There were no treatment-related effects detected in the reproductive parameters observed.

Justification for classification or non-classification

Due to the known corrosive properties of the substance, a seven day repeat dose oral (gavage) range-finding

toxicity study in the rat was conducted to establish the highest dose possible to test in the main OECD 422 study.

The oral administration of the substance to rats for a period of seven consecutive days at dose levels of 15, 30 and 60 mg/kg bw/day resulted in treatment related effects in all animals of either sex from all treatment groups. However, these changes only involved minor divergences from control values and may have been more associated with the know corrosive/irritant properties of the test item than systemic toxicity. Under the conditions of the preliminary study they were considered to be within acceptable levels of tolerance. On this basis the NOAEL established in the preliminary study and one considered to be a suitable choice for the high dose level in the OECD 422 study was 60 mg/kg bw/day. However, the observations observed from the preliminary study demonstrated the potential for dosages above 60 mg/kg bw/day over a longer treatment period to present a risk to an animals health and welfare, due to the substance corrosive/irritant properties.

 

In the OECD 422 study, the oral administration of the test material to rats by gavage, at dose levels of 15, 30 and 60 mg/kg bw/day, resulted in treatment related effects detected in animals of either sex from all treatment groups.Therefore, a no observed-effect-level NOEL for local irritant effects can only be claimed for 15 mg/kg bw/day males. However, in relation to systemic and reproductive toxicity in the absence of any toxicologically significant effects the NOEL was considered to be 60 mg/kg bw/day.

 

Although a NOEL of 60 mg/kg bw/day was established in the OECD 422 Combined Repeat Dose Toxicity

Study with Reproduction/Developmental Toxicity Study, the effects seen in this study were considered to be the result of local irritancy of the test item and therefore cannot be considered indicative of true systemic toxicity.
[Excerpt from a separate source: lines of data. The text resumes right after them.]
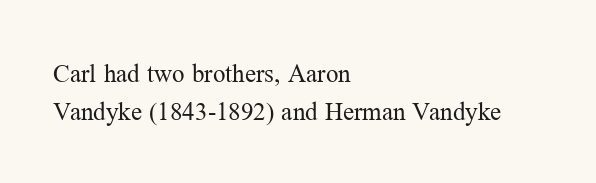
{"italic": "no", "bold": "no", "underline": "no", "align": "left", "line_spacing": "normal", "line_spacing_ratio": 1.52, "letter_spacing": "normal", "letter_spacing_em": 0.0, "glyph_px": 25}
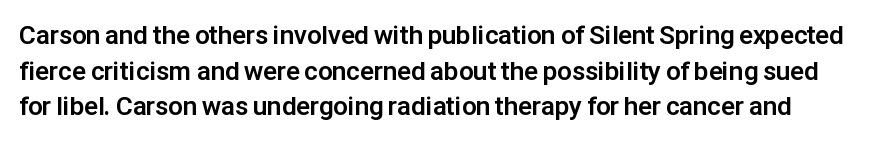
{"italic": "no", "bold": "yes", "underline": "no", "line_spacing": "normal", "line_spacing_ratio": 1.37, "letter_spacing": "normal", "letter_spacing_em": 0.0, "glyph_px": 26}
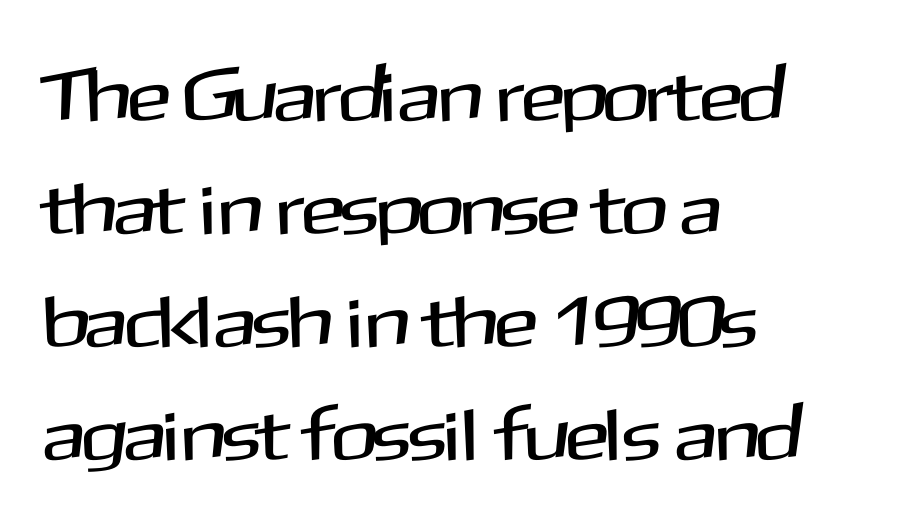
Every row of glyphs begins at an identical x-position on the left. The characters display no serif detailing; their extremities are plain. Regular leading. If you drew a line through each stem, it would be perfectly vertical. The rendering uses natural spacing where letterforms have individual widths. Compared with typical body copy, the letter spacing here is the same.

This is supported by similar observations from the seven day repeat dose oral (gavage) range-finding toxicity study in the rat at dose levels of 15, 30 and 60 mg/kg bw/day. In view of this, it is considered that classification of the test substance for repeat dose toxicity is not justified, as no adverse systemic toxicity effects were observed at 60 mg/kg bw/day, in the OECD 422 Combined Repeat Dose Toxicity Study with Reproduction/Developmental Toxicity Study after treatment.

 

Furthermore 60 mg/kg bw/day is considered to be the highest possible test dose, it is not considered feasible or ethical to test the corrosive test substance at the dose levels used as classification guidance value ranges in the CLP regulation i.e. at equal to or greater than 300 mg/kg bw/day for subacute/28 -day repeat dose studies.

 

Additionally the substance is considered to have low potential for systemic toxicity since severe irritancy / corrosivity will limit exposure in the workplace.

 

As such the appropriate classification for the substance is considered to be that based on its’ corrosive properties.